March 29, 2024
BANGOR DAILY NEWS (BANGOR, MAINE

Republicans vote to shrink Legislature> Candidates get exposure at GOP State Convention

AUGUSTA — After a lively platform debate with a surprising amount of opposition, delegates to the Republican State Convention on Friday voted 386-349 in favor of reducing the size of the Maine Legislature.

Delegates also voted to recommend that Maine withdraw from the Northern Forest Lands Council, a federally sponsored regional forest planning agency that has generated controversy.

The two-day state convention was expected to attract more than 2,000 conventioneers to the Augusta Civic Center. Speeches and floor demonstrations for candidates in the tightly contested primary races for governor and Congress were scheduled for today.

The vote on reducing the size of the 186-seat Legislature reaffirmed a plank in the platform developed by a committee led by Carol Emery of Tenants Harbor.

“In this platform, we stress local government, local solutions and local control,” said Emery.

The platform also favors giving the governor the line item veto, reducing legislative staff and study commissions, and giving voters the power to elect constitutional officers, now elected by the Legislature.

Reducing the size of the House from 151 members to 99 members has been proposed in the Legislature without success for several years. Gov. John R. McKernan again tried it this year without success. Rep. Sumner H. Lipman of Augusta, a Republican running for governor, also has been promoting a smaller Legislature for some time.

But any reduction would need to be in the form of a constitutional amendment which requires two-thirds approval from the Legislature before it can go to the people in referendum. And the Legislature has been most unwilling to vote for a reduction in its size.

A surprising number of Republican speakers Friday argued that reducing the size of the Legislature would produce large, unwieldy districts and a proliferation of work for individual lawmakers.

“I think it would be a terrible mistake to reduce the size of the House,” said Rep. Willis Lord, R-Waterboro. “You’ll have to go to more professional help if the districts are larger.”

“Small communities will lose representation with a smaller Legislature,” said Rep. Eleanor Murphy, R-Berwick.

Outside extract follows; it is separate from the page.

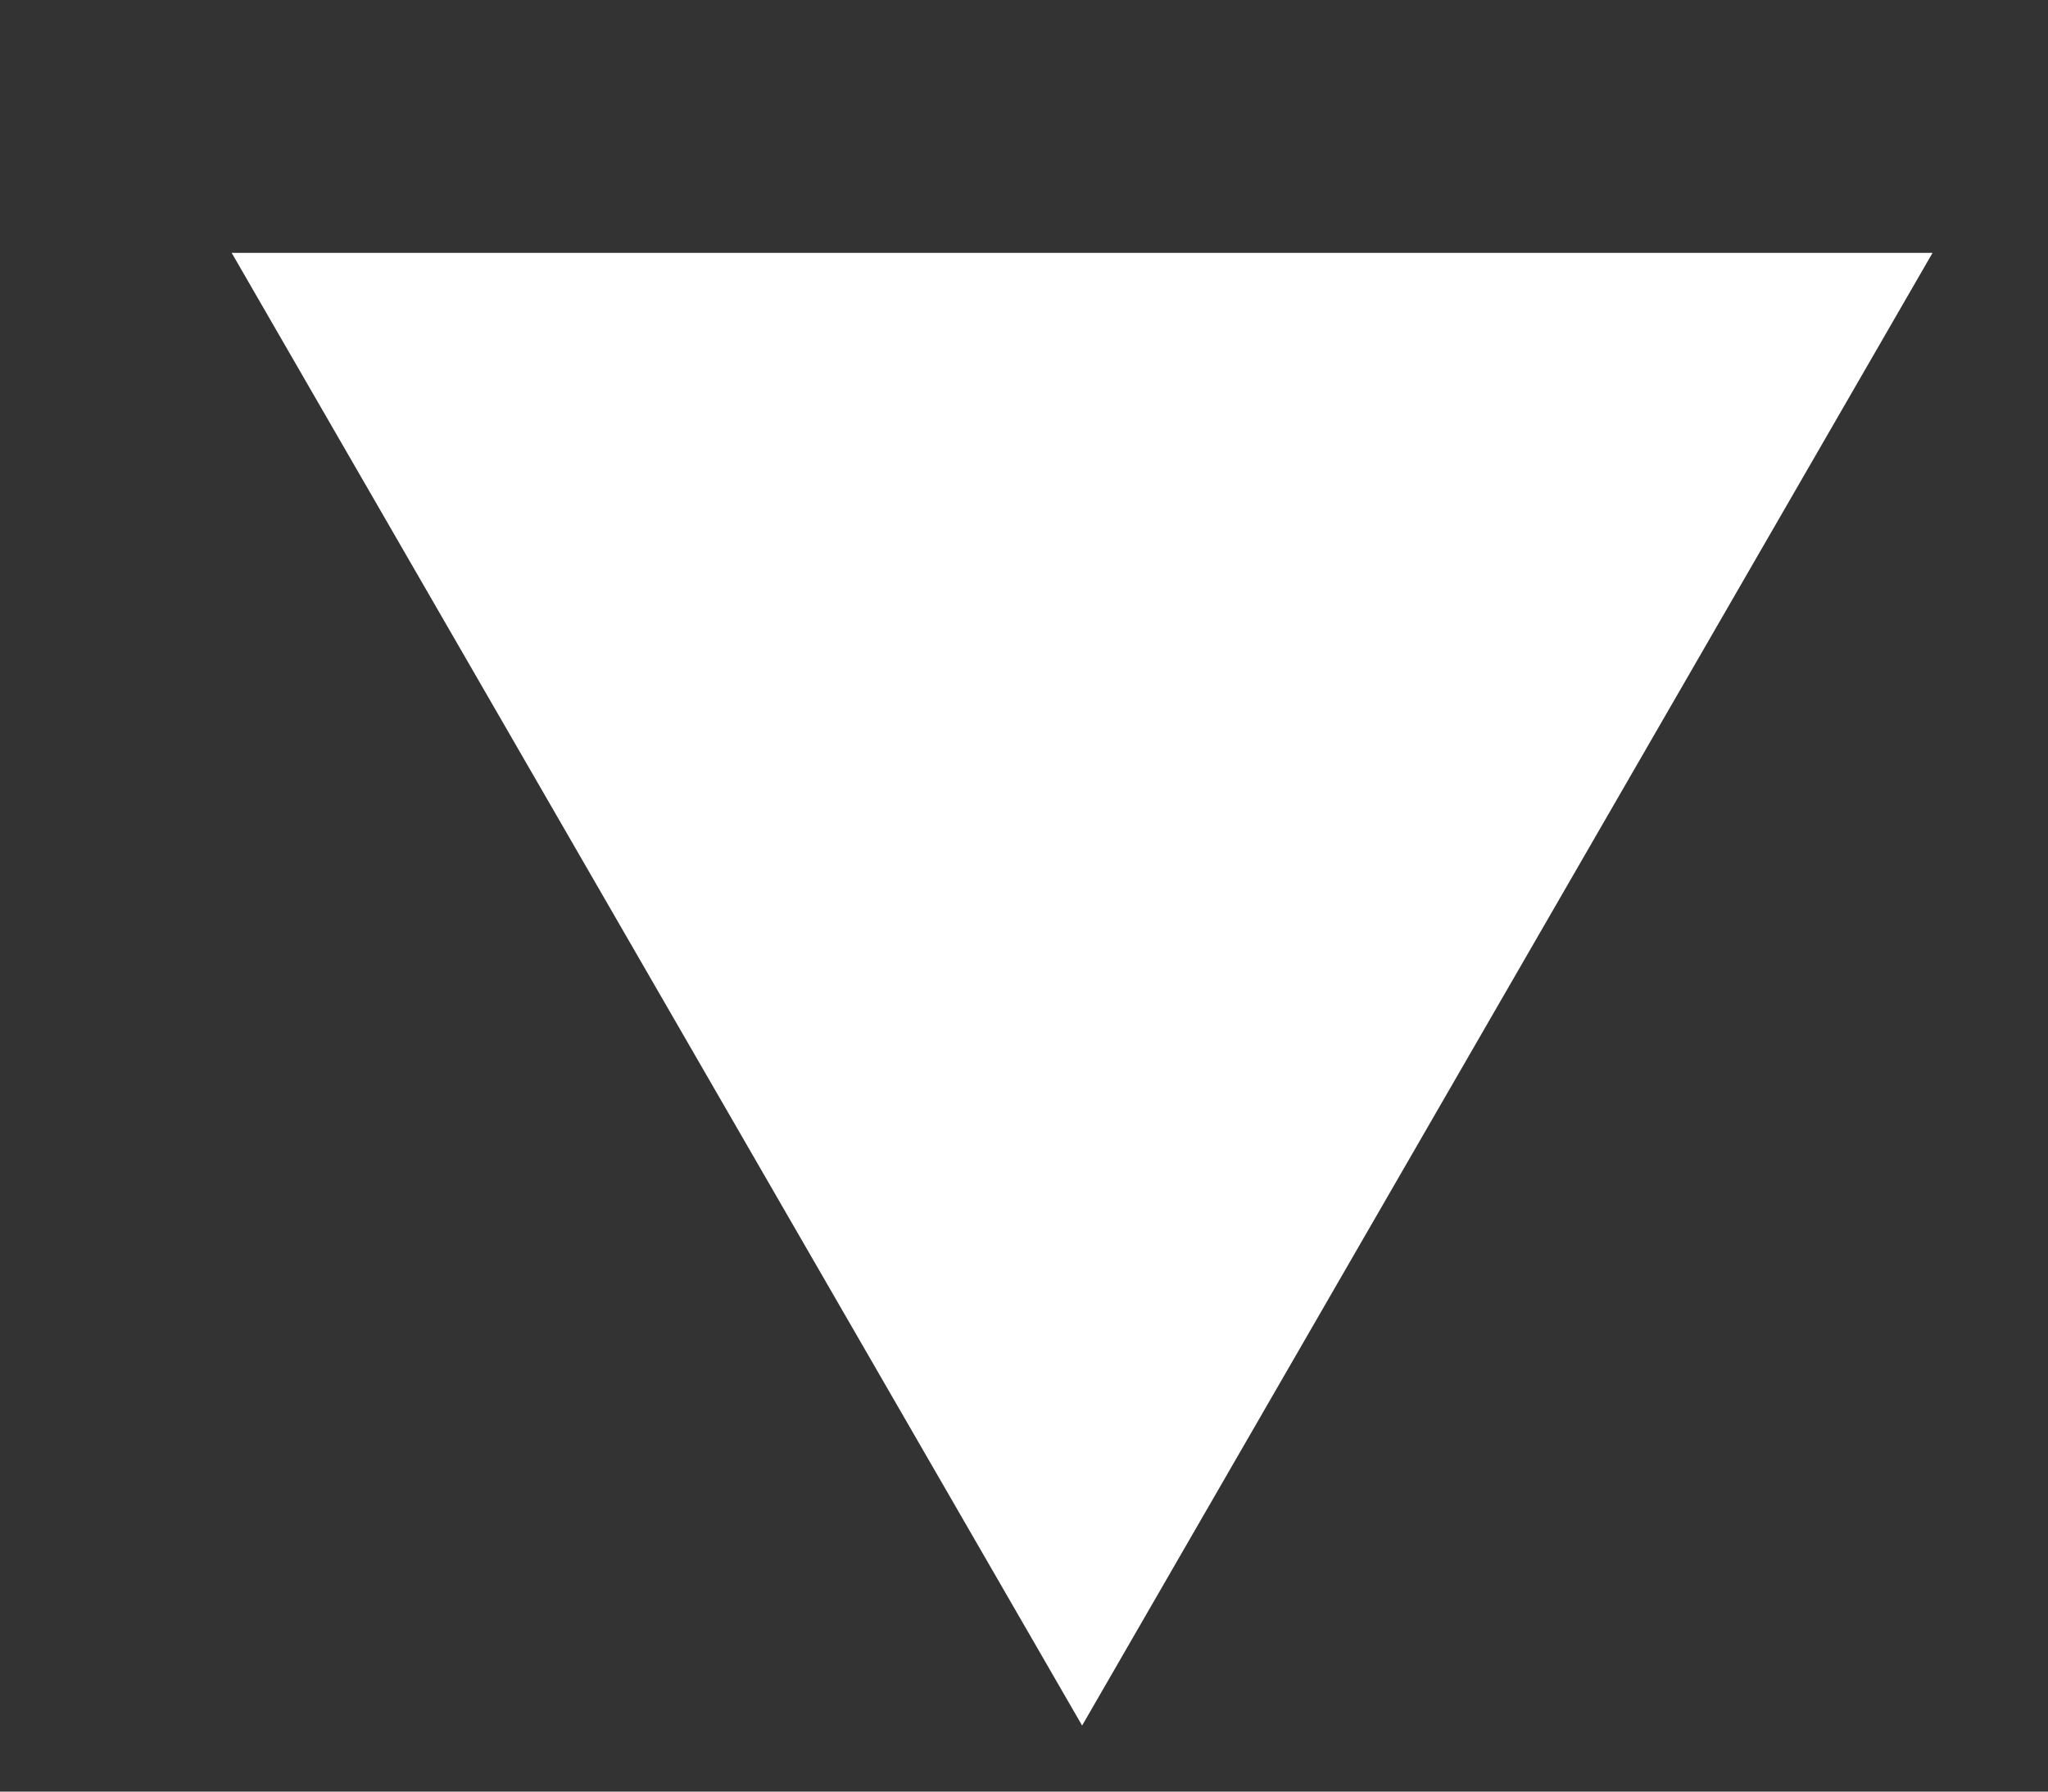 <svg width="8" height="7" viewBox="0 0 8 7" fill="none" xmlns="http://www.w3.org/2000/svg">
<rect x="0" y="0" width="8" height="7" fill="#333333" stroke="none"/>
<path d="M4.227 6.742L7.549 0.988H0.905L4.227 6.742Z" fill="white"/>
</svg>

But attorney Merton Henry said, “Maine has one of the largest legislatures in the nation. We have drifted very close to having a professional Legislature.” Henry chaired a government restructuring commission that recommended shrinking the Legislature.

Roland Sutton of Norway said, “One of the themes of our party is that less government is better government.”

There was much less debate on the proposal to have Maine drop out of the Northern Forest Lands Council and the amendment was adopted on an overwhelming voice vote. The council has been controversial as it proposed regional land-use strategies for Maine, New Hampshire, Vermont and New York.

“We cannot make combinations of states for governing these states without permission of those states,” said Mark Finks of Falmouth. “The best way to manage land is to let the private owners manage it and get the blasted taxes and regulation off those owners.”

Finks is a perennial convention gadfly and after the resolution he supported passed, Convention Chairman Kenneth M. Cole III said, “The chair would add that in the 14 years he’s known Mr. Finks this was the first time we’ve ever agreed on anything.”

The civic center was festooned with campaign signs advertising the multitude of candidates. The signs started on the front lawn, where gubernatorial candidate Jack Wyman tethered a small balloon, and continued on every available space inside the building, even inside the restrooms.

Rep. Judith Foss of Yarmouth made a big splash in her campaign for governor. Greeting motorists driving in the main entrance to the civic center complex was a big trailer with “Judy Foss” written on the side in seven-foot letters.

Then outside the front door of the civic center, Foss had a Wurlitzer military band organ playing rousing marches on the back of an antique truck. The band organ plays automatically like a player piano and sounds like a full marching band.

Owner Erv Bickford of Yarmouth said the band organ dated from about 1910.

“I play it to have a good time and to give other people a good time,” he said.

Garry Maines of Windsor, a Lipman supporter, admitted, “Everybody’s noticing it. It’s doing a good job.”

Foss, the other seven gubernatorial candidates, and the eight congressional candidates all will have a chance to strut their stuff today.

“It’s going to be pivotal, this being the best public forum to get their message home,” said Republican strategist Tony Payne. “The ones who emerge as front-runners will have captured the imagination, they’ll have the most vigor with their message.”